There is a very real possibility that the owners of this technology are already hard at work creating the ultimate wet dream of all Elites: a perfectly controlled state from which there is no escape. The Digital Tyranny. The obvious route is digitizing the currencies, which hands over control in a smooth and elegant manner.
The Banks in cahoots with the people at the top of the political class and a few Tech Bros can do this. Many thoughtful people believe this is going to happen, and the first steps have been taken. Stablecoins. FTPs. Bitcoin. Once your money is digitized, you cease being a free individual with a bank. You become an entity the bank and the State owns and manipulates at will. If this sounds crazy and completely unbalanced as well as paranoid, I agree. It does. I don’t want to believe it. I hope it’s just a crazy rumour. But this scenario keeps surfacing in various contexts. Something is going on. The banks are already not allowing large transfers of money and have created a thicket of rules that must be followed before they’ll give you your money back. If there is even a hint of money laundering or a ‘scam’, you’re in trouble though you may be innocent as a lamb. Controlling the money is the key to controlling everything.
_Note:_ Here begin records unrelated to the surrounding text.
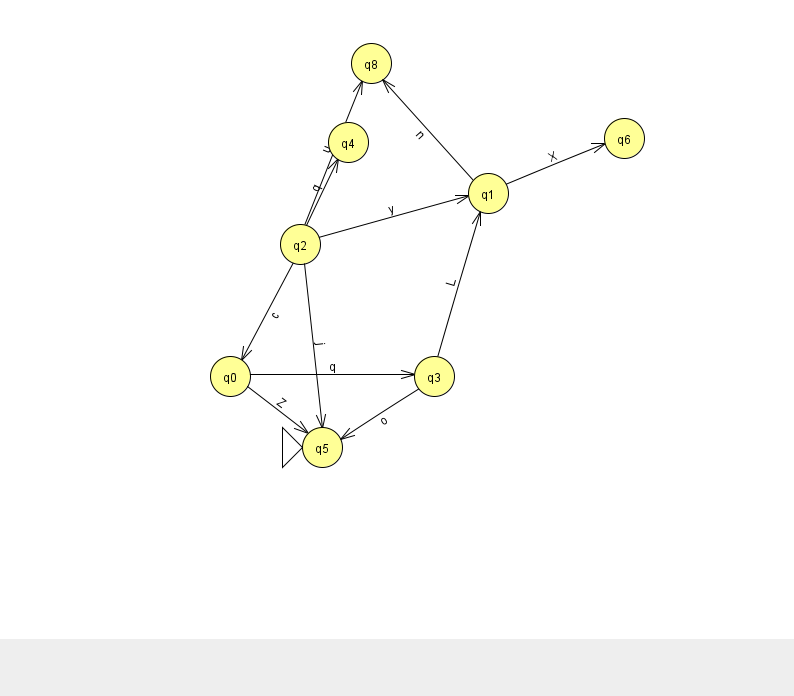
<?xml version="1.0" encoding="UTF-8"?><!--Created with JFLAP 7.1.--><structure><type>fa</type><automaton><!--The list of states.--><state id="0" name="q0"><x>230.0</x><y>363.0</y></state><state id="1" name="q1"><x>488.0</x><y>180.0</y></state><state id="2" name="q2"><x>300.0</x><y>231.0</y></state><state id="3" name="q3"><x>434.0</x><y>363.0</y></state><state id="4" name="q4"><x>348.0</x><y>129.0</y></state><state id="5" name="q5"><x>322.0</x><y>434.0</y><initial/></state><state id="6" name="q6"><x>624.0</x><y>125.0</y></state><state id="8" name="q8"><x>371.0</x><y>50.0</y></state><!--The list of transitions.--><transition><from>1</from><to>8</to><read>n</read></transition><transition><from>2</from><to>0</to><read>c</read></transition><transition><from>0</from><to>3</to><read>q</read></transition><transition><from>0</from><to>5</to><read>Z</read></transition><transition><from>1</from><to>6</to><read>X</read></transition><transition><from>2</from><to>5</to><read>j</read></transition><transition><from>3</from><to>5</to><read>o</read></transition><transition><from>2</from><to>4</to><read>q</read></transition><transition><from>2</from><to>8</to><read>u</read></transition><transition><from>2</from><to>1</to><read>y</read></transition><transition><from>3</from><to>1</to><read>L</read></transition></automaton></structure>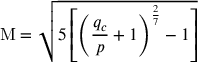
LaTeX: \mathrm { M } = { \sqrt { 5 \left[ \left( { \frac { q _ { c } } { p } } + 1 \right) ^ { \frac { 2 } { 7 } } - 1 \right] } }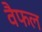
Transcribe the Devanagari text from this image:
वैफल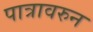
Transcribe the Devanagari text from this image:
पात्रावरुन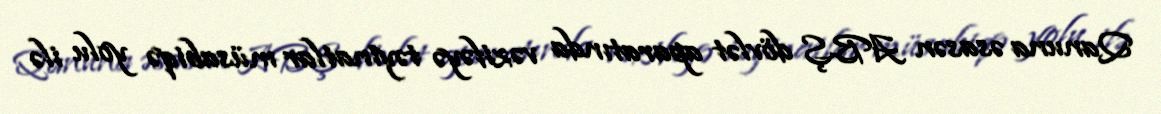
Qanuna əsasən ABŞ dövlət aparatında vəzifəyə təyinatlar müsabiqə yolu ilə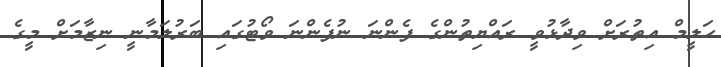
ޙަލީމް އިތުރަށް ވިދާޅުވީ ރައްޔިތުންގެ ފެންނަ ނުފެންނަ ވޯޓުގައި ބަރުލަމާނީ ނިޒާމަށް މީގެ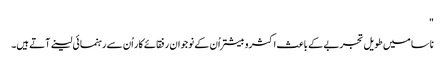
"
ناسا میں طویل تجربے کے باعث اکثروبیشتر اُن کے نوجوان رفقائے کار اُن سے رہنمائی لینے آتے ہیں۔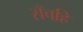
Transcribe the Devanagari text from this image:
सँचहि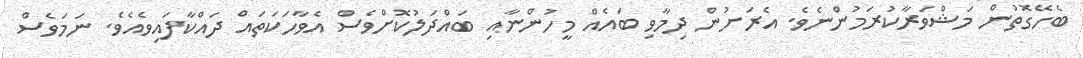
ބެހޭގޮތުން މަޝްވަރާކުރަމުންނެވެ. އެރަށުން ދިމާވި ބައެއް މީހުންނާއި ބައްދަލުކޮށްވެސް އެވާހަކަތައް ދައްކާފައިވެއެވެ. ނަމަވެސް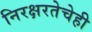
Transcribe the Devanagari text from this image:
निरक्षरतेचेही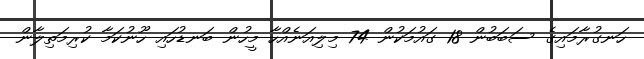
ހަނގުރާމައިގެ ސަބަބުން 18 ގައުމަކުން 74 މިލިއަނެއްހާ މީހުން ބަނޑުހައި ހޫނުކަމާ ކުރިމަތިލާން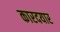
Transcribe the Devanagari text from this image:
कारदयार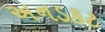
અનડકટ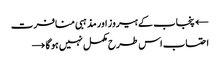
← پنجاب کے ہیروز اور مذہبی منافرت
احتساب اس طرح مکمل نہیں ہو گا →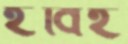
হবিই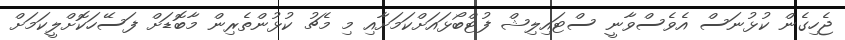
ޖެހިގެން ކުޅުނަސް އެވެސްވާނީ ސްޓައިލިޝް ފުޓްބޯޅައަށްކަމަށާއި މި މެޗު ކުޅުންތެރިން މާބޮޑަށް ފަސޭހަކޮށްލީކަމަށް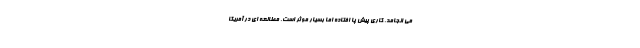
می انجامد. کاری پیش پا افتاده اما بسیار موثر است. مطالعه ای در آمریکا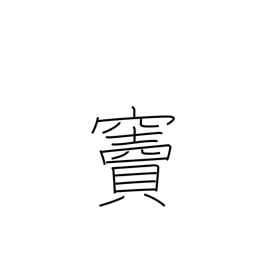
Meaning: doorway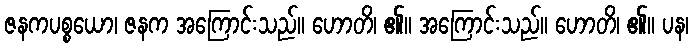
ဇနကပစ္စယော၊ ဇနက အကြောင်းသည်။ ဟောတိ၊ ၏။ အကြောင်းသည်။ ဟောတိ၊ ၏။ ပန၊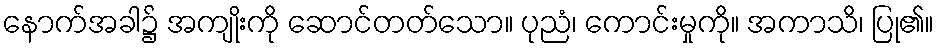
နောက်အခါ၌ အကျိုးကို ဆောင်တတ်သော။ ပုညံ၊ ကောင်းမှုကို။ အကာသိ၊ ပြု၏။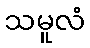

There is one thing that may prevent this dystopia: bureaucrats, notorious for getting things in a hopeless muddle whenever they try to go near a digital network, bungling the entire enterprise. They are not capable of running a Palantir program for the NHS in Britain. Or advanced systems like Claude 5. How fortunate.
Even so, we’re facing a genuine dilemma here. We can’t leave the control of AI to the Tech Bros but handing it over to a government in reactive mode is worse.
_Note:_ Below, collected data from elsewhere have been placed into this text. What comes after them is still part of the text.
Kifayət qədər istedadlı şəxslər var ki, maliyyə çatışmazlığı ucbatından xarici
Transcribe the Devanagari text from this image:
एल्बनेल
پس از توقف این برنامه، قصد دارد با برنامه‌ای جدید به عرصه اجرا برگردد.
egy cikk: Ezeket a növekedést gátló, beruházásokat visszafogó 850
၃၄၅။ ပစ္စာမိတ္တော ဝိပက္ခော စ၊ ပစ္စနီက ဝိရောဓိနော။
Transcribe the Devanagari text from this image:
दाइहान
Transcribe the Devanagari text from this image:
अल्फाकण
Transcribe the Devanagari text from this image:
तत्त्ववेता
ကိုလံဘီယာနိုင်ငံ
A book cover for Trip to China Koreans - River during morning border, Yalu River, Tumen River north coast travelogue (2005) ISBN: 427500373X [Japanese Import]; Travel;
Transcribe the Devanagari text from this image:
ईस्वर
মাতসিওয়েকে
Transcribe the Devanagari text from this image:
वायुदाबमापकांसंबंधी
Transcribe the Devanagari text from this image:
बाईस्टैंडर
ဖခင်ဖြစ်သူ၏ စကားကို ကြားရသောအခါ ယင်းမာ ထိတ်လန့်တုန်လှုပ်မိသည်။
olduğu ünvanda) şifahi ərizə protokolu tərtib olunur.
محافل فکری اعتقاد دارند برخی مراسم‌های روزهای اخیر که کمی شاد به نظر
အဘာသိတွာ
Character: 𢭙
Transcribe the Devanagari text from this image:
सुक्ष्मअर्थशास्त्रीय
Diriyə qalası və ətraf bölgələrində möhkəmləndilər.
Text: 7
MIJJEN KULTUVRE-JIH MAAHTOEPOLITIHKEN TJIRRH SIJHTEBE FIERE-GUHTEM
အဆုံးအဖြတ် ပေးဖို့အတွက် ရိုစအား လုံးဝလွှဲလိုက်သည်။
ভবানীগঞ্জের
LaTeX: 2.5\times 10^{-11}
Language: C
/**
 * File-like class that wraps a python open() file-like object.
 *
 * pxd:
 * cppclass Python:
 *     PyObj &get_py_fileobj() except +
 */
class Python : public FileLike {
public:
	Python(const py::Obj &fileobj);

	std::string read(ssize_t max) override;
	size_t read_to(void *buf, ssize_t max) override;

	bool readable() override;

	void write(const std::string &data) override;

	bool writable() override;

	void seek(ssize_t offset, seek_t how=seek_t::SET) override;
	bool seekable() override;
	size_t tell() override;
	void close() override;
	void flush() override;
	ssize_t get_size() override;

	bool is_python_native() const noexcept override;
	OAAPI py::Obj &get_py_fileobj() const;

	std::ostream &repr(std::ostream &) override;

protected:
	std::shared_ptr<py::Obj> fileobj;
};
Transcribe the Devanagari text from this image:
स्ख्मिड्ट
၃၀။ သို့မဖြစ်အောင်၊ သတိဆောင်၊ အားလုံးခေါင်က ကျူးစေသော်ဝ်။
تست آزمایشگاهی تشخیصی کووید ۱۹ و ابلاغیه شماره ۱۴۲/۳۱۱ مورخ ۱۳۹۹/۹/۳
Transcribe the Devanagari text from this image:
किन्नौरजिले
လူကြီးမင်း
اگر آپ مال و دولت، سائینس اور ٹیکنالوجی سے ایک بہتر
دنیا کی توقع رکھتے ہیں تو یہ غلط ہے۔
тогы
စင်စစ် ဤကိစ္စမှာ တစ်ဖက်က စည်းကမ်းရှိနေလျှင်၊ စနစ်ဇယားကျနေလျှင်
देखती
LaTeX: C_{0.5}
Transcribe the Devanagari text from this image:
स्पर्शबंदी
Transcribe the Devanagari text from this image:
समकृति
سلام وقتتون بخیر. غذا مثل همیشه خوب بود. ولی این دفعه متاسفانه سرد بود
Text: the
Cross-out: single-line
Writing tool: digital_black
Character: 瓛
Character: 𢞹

I believe we will be forced to invent an entirely new system of assuring the tech bros the freedom to create as well as installing reasonable guardrails for the public, to prevent bad actors from seizing control. Maybe Mr Ball is the kind of guy capable of thinking his way through to some reasonable rules for an AI World safe for humanity. He seems to relish the challenge which in itself is a good sign. We are in desperate need of some optimism here. Ball’s argument that the only thing we can do to steer this thing is to have some fundamental agreement on what we as a society value: liberty. Property. Freedom of expression. Equality under the law. The old classic liberal values that are really human values. Everything else is going to be negotiable and fluid, he says.
But hold on: Maybe we need to write an MOU, a Memorandum of Understanding for AI before we do anything else. Let Pope Leo, Dean Ball and Mustafa Suleyman sit around a nice comfortable table, in the Vatican, and order in their preferred food and drink. Suleyman has thought deeply about the coming of human-like AI, which is why I chose him instead of Elon. Once these fellows have got comfortable, lock the door. Only let them out after they have reached a Consensus. Maybe they can blow white smoke out of the Vatican chimney. And the people will rejoice. Because in the overall scheme of things, this consensus is as significant and crucial to our survival as anointing a new Pope.
What do you think of this plan?



That was a longer piece than usual, ne ce pas? Plus ca change... but will it just be another turning of the wheel, or as dramatic as your article suggests. Interesting.